Start of Block
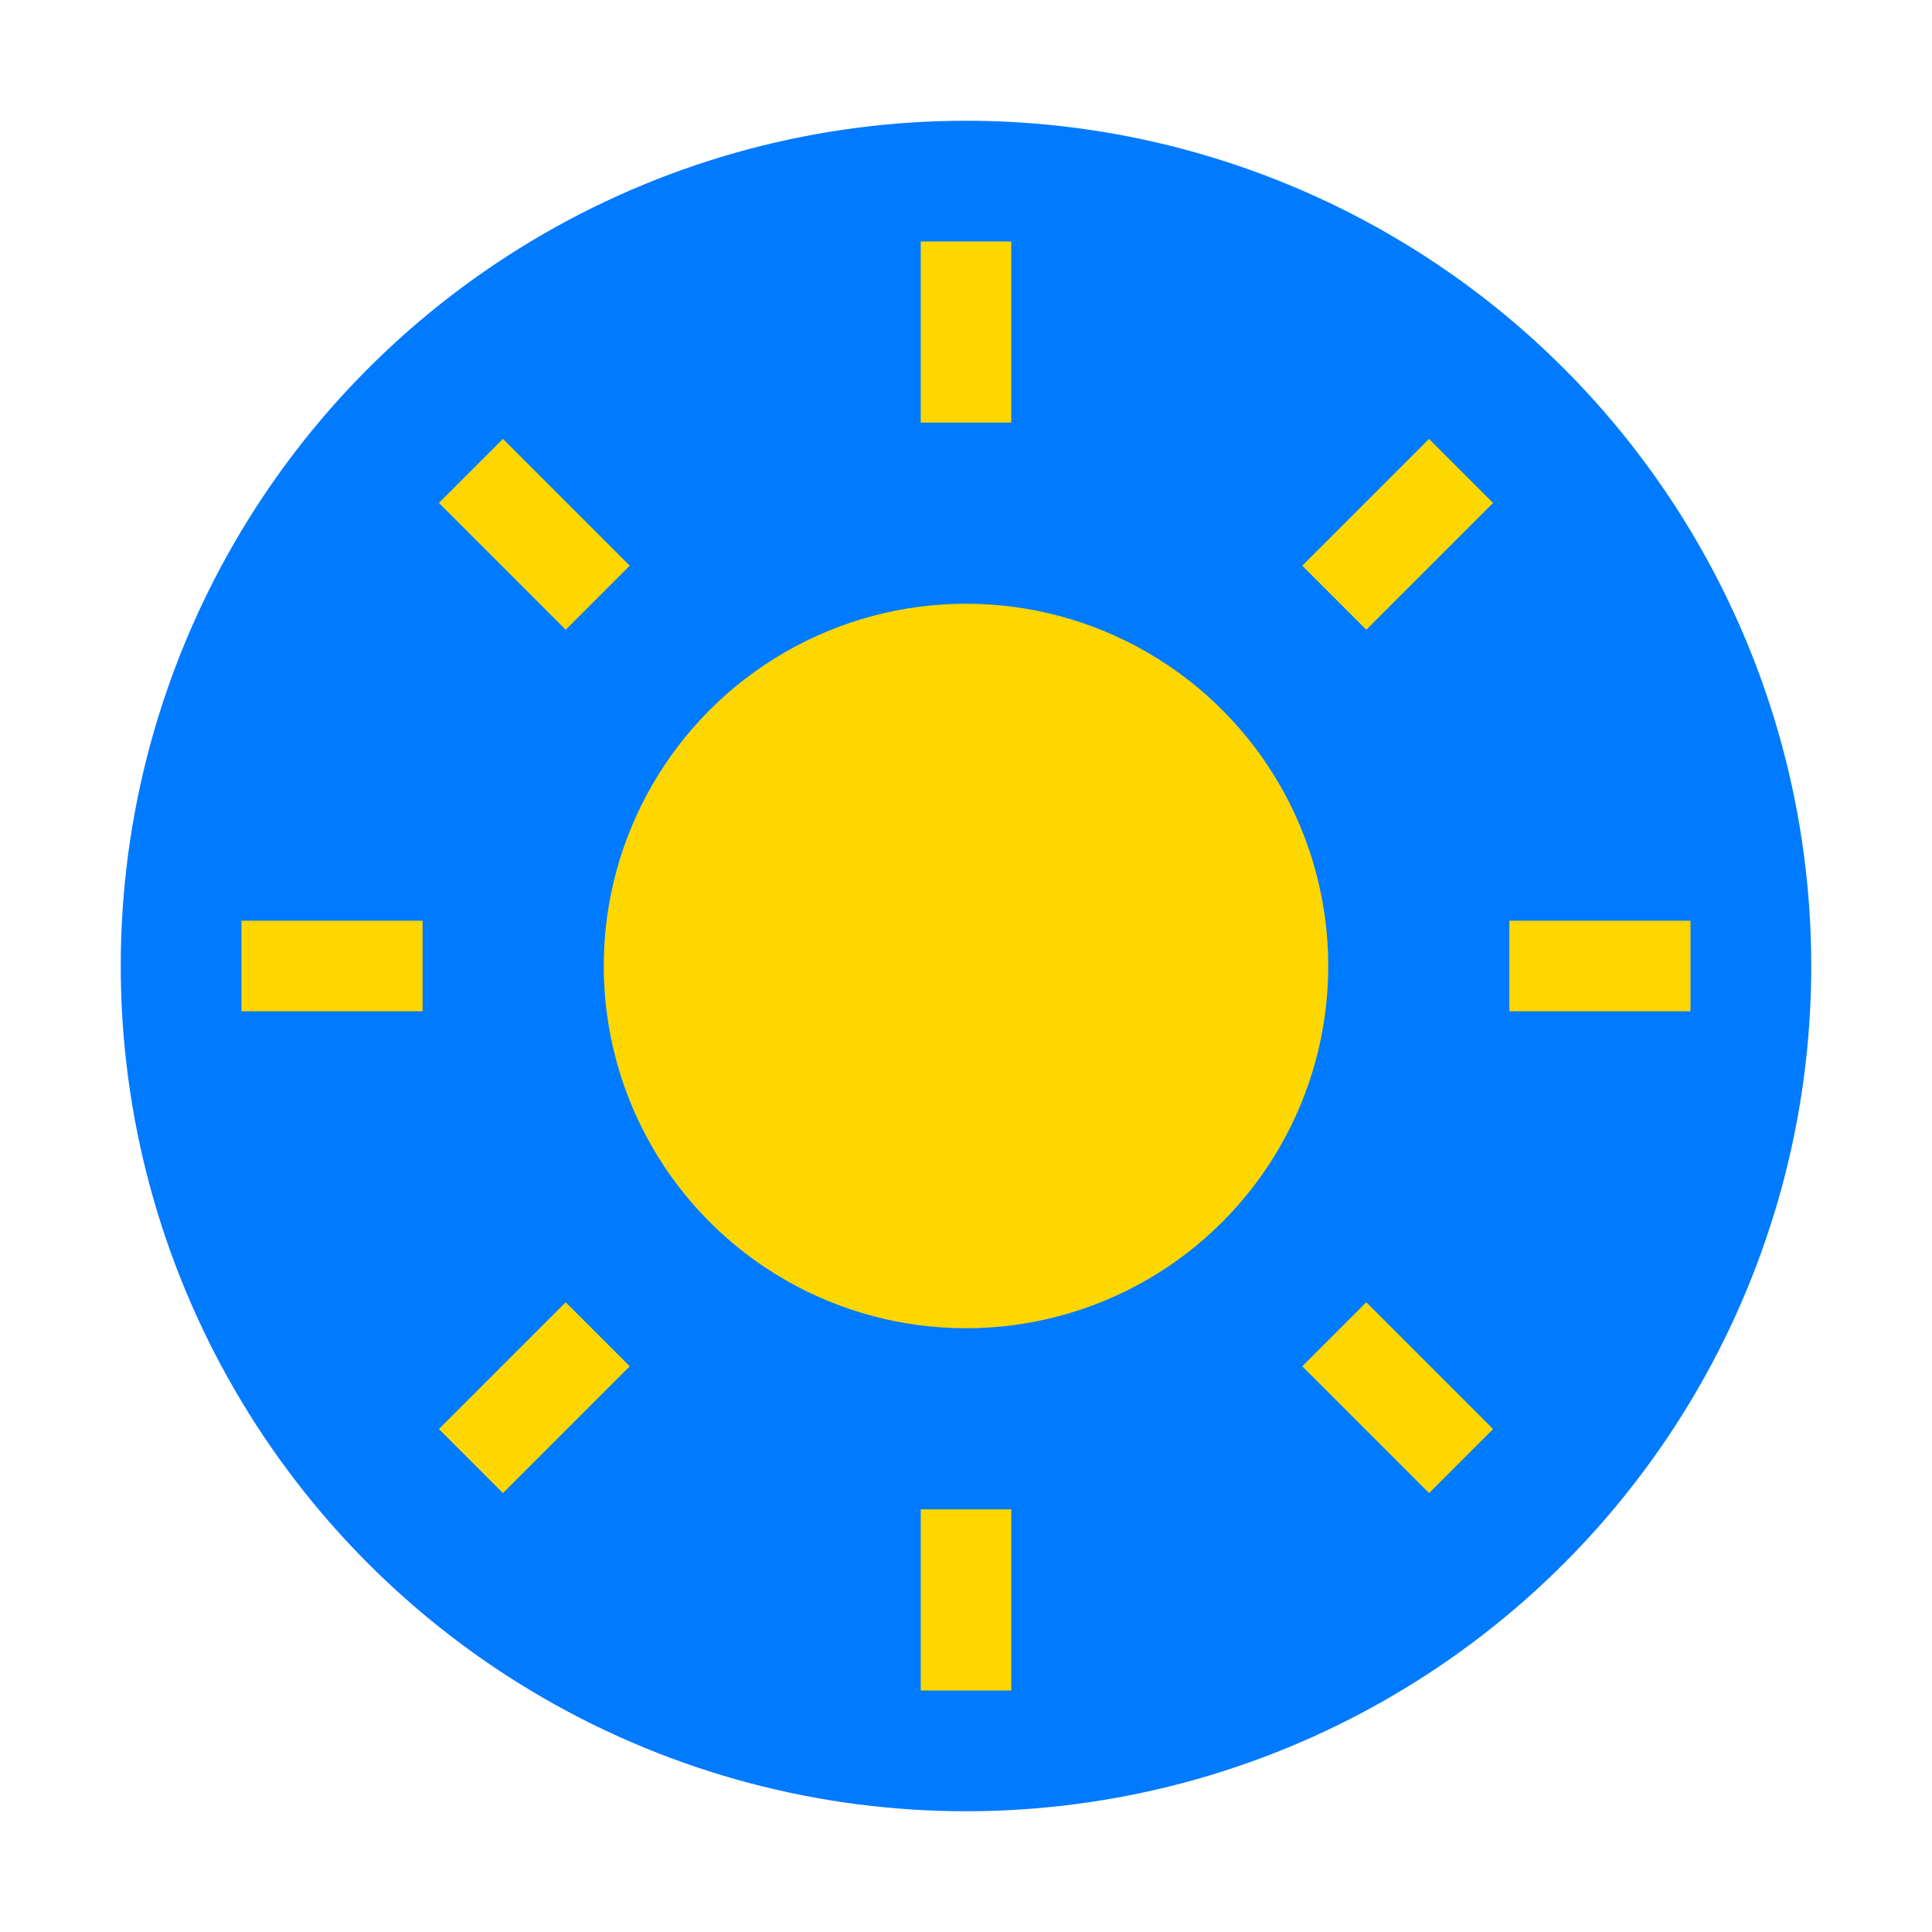 <svg xmlns="http://www.w3.org/2000/svg" viewBox="0 0 32 32">
  <circle cx="16" cy="16" r="14" fill="#007AFF"/>
  <circle cx="16" cy="16" r="6" fill="#FFD700"/>
  <g stroke="#FFD700" stroke-width="1.5">
    <line x1="16" y1="4" x2="16" y2="7"/>
    <line x1="16" y1="25" x2="16" y2="28"/>
    <line x1="4" y1="16" x2="7" y2="16"/>
    <line x1="25" y1="16" x2="28" y2="16"/>
    <line x1="7.8" y1="7.8" x2="9.9" y2="9.9"/>
    <line x1="22.1" y1="22.1" x2="24.2" y2="24.2"/>
    <line x1="24.2" y1="7.8" x2="22.1" y2="9.9"/>
    <line x1="9.9" y1="22.1" x2="7.8" y2="24.2"/>
  </g>
</svg>
End of Block
## WHAT YOU NEED TO DO
All the data above is to be transcribed exactly, with no pictures included.

## EXERCISE RESULT
 <svg xmlns="http://www.w3.org/2000/svg" viewBox="0 0 32 32">
  <circle cx="16" cy="16" r="14" fill="#007AFF"/>
  <circle cx="16" cy="16" r="6" fill="#FFD700"/>
  <g stroke="#FFD700" stroke-width="1.5">
    <line x1="16" y1="4" x2="16" y2="7"/>
    <line x1="16" y1="25" x2="16" y2="28"/>
    <line x1="4" y1="16" x2="7" y2="16"/>
    <line x1="25" y1="16" x2="28" y2="16"/>
    <line x1="7.8" y1="7.8" x2="9.9" y2="9.9"/>
    <line x1="22.1" y1="22.1" x2="24.2" y2="24.2"/>
    <line x1="24.2" y1="7.8" x2="22.1" y2="9.9"/>
    <line x1="9.9" y1="22.1" x2="7.8" y2="24.2"/>
  </g>
</svg>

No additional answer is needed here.